» Problem description
Your answer must be a single number: how many lines of the data include "forestry".

» Material to process
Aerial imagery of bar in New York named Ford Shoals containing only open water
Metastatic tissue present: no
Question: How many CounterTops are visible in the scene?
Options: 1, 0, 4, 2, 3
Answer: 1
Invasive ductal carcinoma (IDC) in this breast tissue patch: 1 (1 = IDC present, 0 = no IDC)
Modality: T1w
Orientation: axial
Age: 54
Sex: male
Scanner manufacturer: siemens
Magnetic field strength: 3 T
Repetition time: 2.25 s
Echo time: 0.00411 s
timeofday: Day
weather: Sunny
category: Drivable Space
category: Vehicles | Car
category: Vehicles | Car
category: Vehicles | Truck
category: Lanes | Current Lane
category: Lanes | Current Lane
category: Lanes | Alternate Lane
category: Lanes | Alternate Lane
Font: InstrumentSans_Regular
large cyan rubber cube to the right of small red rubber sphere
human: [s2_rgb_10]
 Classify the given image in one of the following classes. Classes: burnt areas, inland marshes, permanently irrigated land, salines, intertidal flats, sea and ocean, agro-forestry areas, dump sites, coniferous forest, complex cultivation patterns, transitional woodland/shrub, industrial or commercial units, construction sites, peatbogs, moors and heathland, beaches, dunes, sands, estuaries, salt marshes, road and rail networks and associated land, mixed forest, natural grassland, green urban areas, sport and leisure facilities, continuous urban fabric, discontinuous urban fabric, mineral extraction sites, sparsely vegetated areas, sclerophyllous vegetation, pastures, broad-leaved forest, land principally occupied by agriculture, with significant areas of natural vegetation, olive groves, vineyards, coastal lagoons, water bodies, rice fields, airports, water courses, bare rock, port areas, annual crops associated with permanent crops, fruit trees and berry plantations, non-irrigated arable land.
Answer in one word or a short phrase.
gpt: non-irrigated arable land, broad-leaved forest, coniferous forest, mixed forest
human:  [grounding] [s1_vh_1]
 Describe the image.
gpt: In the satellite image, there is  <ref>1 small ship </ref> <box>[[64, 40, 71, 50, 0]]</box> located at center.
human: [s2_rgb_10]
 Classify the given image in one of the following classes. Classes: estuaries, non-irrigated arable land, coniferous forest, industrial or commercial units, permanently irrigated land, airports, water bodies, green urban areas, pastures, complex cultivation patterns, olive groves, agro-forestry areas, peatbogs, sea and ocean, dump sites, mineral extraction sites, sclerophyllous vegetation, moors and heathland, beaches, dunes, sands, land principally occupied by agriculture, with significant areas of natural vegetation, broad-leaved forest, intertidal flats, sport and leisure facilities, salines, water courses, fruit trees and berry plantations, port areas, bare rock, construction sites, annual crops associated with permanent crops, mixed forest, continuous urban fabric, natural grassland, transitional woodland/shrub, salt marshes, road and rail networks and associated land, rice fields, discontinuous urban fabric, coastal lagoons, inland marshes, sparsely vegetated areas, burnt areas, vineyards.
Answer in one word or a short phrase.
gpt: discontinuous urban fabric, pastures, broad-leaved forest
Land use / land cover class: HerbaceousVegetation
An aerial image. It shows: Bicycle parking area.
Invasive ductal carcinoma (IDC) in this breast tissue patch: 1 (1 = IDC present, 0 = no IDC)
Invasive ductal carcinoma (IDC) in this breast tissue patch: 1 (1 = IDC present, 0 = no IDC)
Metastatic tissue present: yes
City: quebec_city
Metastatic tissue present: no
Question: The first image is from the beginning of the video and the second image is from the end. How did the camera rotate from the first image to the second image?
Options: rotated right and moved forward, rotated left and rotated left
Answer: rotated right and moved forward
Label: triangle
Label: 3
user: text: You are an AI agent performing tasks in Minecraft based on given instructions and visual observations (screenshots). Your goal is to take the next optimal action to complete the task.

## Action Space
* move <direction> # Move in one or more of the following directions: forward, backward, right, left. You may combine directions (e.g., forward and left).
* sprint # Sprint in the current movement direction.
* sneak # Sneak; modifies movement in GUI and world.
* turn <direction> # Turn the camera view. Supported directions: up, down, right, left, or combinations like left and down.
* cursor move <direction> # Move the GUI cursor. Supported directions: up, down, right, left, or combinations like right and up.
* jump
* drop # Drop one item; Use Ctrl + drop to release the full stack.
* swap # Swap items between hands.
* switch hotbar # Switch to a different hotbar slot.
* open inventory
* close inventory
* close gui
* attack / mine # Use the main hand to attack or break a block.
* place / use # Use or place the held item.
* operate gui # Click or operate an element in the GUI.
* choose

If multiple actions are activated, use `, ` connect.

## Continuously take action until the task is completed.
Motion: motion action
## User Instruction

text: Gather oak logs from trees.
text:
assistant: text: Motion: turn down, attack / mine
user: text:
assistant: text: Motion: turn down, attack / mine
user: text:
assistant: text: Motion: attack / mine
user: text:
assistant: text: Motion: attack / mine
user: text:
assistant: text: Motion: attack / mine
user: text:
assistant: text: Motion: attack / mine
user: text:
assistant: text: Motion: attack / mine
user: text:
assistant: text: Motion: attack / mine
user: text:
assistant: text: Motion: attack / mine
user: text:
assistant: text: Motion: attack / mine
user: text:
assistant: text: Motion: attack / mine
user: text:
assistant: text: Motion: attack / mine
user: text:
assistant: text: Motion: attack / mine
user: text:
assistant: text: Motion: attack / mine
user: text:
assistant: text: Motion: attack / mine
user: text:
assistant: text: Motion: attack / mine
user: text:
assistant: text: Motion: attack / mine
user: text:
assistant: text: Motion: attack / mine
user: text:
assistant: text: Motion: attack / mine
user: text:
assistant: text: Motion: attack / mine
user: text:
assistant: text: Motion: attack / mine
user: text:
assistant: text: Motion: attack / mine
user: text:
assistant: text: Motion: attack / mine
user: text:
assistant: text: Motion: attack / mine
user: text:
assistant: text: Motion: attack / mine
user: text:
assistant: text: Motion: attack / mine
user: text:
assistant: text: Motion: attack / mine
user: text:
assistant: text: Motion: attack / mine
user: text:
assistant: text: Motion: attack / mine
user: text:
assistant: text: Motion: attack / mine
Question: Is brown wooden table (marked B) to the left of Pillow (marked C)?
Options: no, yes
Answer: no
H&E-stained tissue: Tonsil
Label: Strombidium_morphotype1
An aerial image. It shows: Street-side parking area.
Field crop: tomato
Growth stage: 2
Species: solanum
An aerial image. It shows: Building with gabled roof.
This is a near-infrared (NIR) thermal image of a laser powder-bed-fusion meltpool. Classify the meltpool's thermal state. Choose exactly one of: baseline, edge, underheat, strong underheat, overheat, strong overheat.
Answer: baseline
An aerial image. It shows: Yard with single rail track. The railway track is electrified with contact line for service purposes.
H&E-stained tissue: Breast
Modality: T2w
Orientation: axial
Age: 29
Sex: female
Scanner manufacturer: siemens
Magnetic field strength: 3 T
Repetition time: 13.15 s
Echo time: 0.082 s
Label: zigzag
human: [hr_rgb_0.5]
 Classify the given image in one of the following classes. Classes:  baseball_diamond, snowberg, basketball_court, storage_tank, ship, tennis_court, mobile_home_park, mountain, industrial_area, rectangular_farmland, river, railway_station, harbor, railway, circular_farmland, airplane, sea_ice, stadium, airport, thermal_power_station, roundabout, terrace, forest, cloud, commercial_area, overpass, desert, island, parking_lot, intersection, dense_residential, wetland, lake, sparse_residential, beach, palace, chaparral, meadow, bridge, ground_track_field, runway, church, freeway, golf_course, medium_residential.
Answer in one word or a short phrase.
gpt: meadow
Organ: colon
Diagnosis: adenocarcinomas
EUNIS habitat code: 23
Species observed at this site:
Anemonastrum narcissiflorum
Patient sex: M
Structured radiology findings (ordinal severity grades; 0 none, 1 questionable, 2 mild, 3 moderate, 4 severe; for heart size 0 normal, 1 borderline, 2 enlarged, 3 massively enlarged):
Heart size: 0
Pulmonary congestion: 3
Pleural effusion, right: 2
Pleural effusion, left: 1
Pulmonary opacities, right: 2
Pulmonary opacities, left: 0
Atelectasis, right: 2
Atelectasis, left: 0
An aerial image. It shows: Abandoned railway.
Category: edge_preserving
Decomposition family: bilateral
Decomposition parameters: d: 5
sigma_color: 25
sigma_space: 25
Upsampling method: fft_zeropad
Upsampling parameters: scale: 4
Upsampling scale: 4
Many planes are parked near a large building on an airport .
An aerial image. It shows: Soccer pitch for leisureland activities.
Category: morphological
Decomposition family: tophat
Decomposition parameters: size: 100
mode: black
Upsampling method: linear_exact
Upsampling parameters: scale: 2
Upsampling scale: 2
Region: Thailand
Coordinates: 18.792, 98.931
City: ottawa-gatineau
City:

» Problem solution
2